In a previous post I explored the idea of equipping the new build with Retroshift adapters and brake lever mounted thumb shifters.  The idea seems like a reliable way to achieve shifting from the hoods at a reasonable cost, not to mention the benefits of serviceability with this system. I am still curious about this setup however I  have decided to go with conventional Dual Control levers for this build.

Over at the lazy randonneur's blog, Vic has acquired a set of Retroshift equipped levers and intends to review them on his new 26" long haul trucker build.  I am in eager anticipation of his feed back as he is a reviewer who tells it like it is.  Although his long haul trucker build will not be his go to long distance bike, he is sure to be putting in some decent miles on it in the near future.  I am interested to see what these levers will be like for a randonneur as opposed to their intended cross rider market.

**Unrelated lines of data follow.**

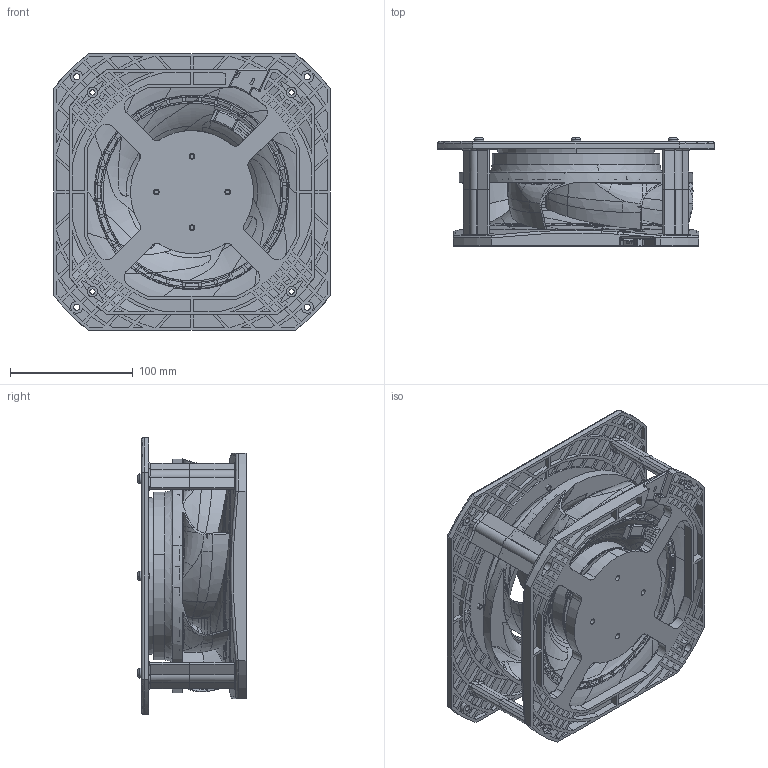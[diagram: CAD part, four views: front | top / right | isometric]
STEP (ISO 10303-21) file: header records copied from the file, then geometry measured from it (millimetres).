
FILE_DESCRIPTION((''),'2;1');
FILE_NAME('GTM019FUA07_ASM','2019-11-11T',('CONNIE.CHOU'),(''),'CREO PARAMETRIC BY PTC INC, 2015080','CREO PARAMETRIC BY PTC INC, 2015080','');
FILE_SCHEMA(('CONFIG_CONTROL_DESIGN'));
Products named in the file (25): 41021295000_4; 41021296000_3; 3323299500_2; TORX_M4_L6_1; GTM019FUA07_ASM_12_ASM; OD55_CASE_85W__B_______K__; ____-____11_2_; ____-____11_1_; _______S___C4; R12-MOLD-A_ASM; R12-TOOLING-1-20190227_ASM; M3-SCREW_5L; OD55_CABLE_COVER_NN; OD55_BOTTOM_COVER_NEW-14_85W___; M5________10; OD55_RING_COVER_NN; OD55_85W_CAP___ASM; OD55_GASKET_85W; OD55_SI-STEEL_ALL-_INSERT__85W_; OD55__W_L__________PILLOW_______ASM; OD55_____PILLOW_W_L___85W_ASM; OD55_______PILLOW_MOTOR_ASM; GTB019FUA07R-V_E1_1_ASM; GTB019FUA07R-V_E1_ASM; GTM019FUA07_ASM
Assembly tree (31 placements, depth 7):
  GTM019FUA07_ASM
    GTM019FUA07_ASM_12_ASM
      41021295000_4
      41021296000_3
      3323299500_2
      TORX_M4_L6_1  x4
    GTB019FUA07R-V_E1_ASM
      GTB019FUA07R-V_E1_1_ASM
        R12-TOOLING-1-20190227_ASM
          OD55_CASE_85W__B_______K__
          R12-MOLD-A_ASM
            ____-____11_2_
            ____-____11_1_
            _______S___C4
        OD55_______PILLOW_MOTOR_ASM
          OD55_85W_CAP___ASM
            M3-SCREW_5L  x3
            OD55_CABLE_COVER_NN
            OD55_BOTTOM_COVER_NEW-14_85W___
            M5________10  x3
            OD55_RING_COVER_NN
          OD55_____PILLOW_W_L___85W_ASM
            OD55_GASKET_85W
            OD55__W_L__________PILLOW_______ASM
              OD55_SI-STEEL_ALL-_INSERT__85W_
Bounding box: 225 x 87.95 x 225 mm (x, y, z)
Volume: 702033.2 mm3; surface area: 492186.5 mm2
Topology: 21 solids, 38 shells, 4647 faces, 12346 edges, 7991 vertices
Faces by surface type: plane 1826, cylinder 1343, bspline 537, torus 454, extrusion 216, cone 208, revolution 42, sphere 21
Entity records: 190976 total; most frequent: CARTESIAN_POINT 83711, ORIENTED_EDGE 23694, DIRECTION 20164, EDGE_CURVE 11855, VERTEX_POINT 7695, AXIS2_PLACEMENT_3D 7520, VECTOR 5082, EDGE_LOOP 4882

In my research for parts and components for my build I came across a drive train system that immediately caught my attention.  I decided early on that a ten speed double set-up is what would suit the intended purposes of this bike nicely.  Since I am building this bike from scratch and will not be transferring any components over from my other bikes, this gave me a certain freedom to pick and choose so far as my budget and my sense of aesthetics allowed.

In my attempt to keep within a reasonable budget I came across a review of microShift's Dual Control levers and derailleurs.  I had never heard of microShift before but was impressed with their line up of drive train components.  What blew me away was the price!  As far as I have read from the reviews there seems to be no lack in performance in shifting, nor any complaints or issues regarding durability.

MicroShift is an engineering company based in Taiwan and has been in production of Dual Control levers and components since 1999.  Although Sram, as a drive train component manufacturer also arrived on the scene about this time (Grip shift 1988, Sram derailleurs 1997), Sram's success with acquisitions and marketing has allowed for a greater share of the north american market.  While Shimano, Campag, and Sram have been battling for market share, microShift has come in under the radar with an attractive line up of components which might cause others to sit up and take notice.

I have since ordered a set of microShift Dual Control Levers, braze-on front derailleur, and 10 speed rear derailleur form Bike Nashbar in the US.  These parts came out to be well under the price of a comparable Shimano product.

microShift Dual Control Levers (10 speed double)        SB-R102B        $139.99 USD
microShift braze-on front derailleur                                   FD-R72-F         $ 29.99  USD
microShift 10 speed rear derailleur                                     RD-R56S          $ 39.99  USD

I plan to write a follow up review of the microShift drive train once I have finished the build and put some solid miles of wear on the components.

We are fortunate to live in an age where the modern bicycle derailleur has more or less been perfected with reliable and accurate shifting available to all models of (properly adjusted) components.  Shifting has never been better, and although companies will try and make you believe that electronic shifting will be the new standard it is still too early to tell if the market will accept the added price and complexities of these new digital systems.  Mavic, Suntour and Sachs tried early in the 1990's to convince the market that electronic shifting would be the next big thing, but failed to produce a reliable system.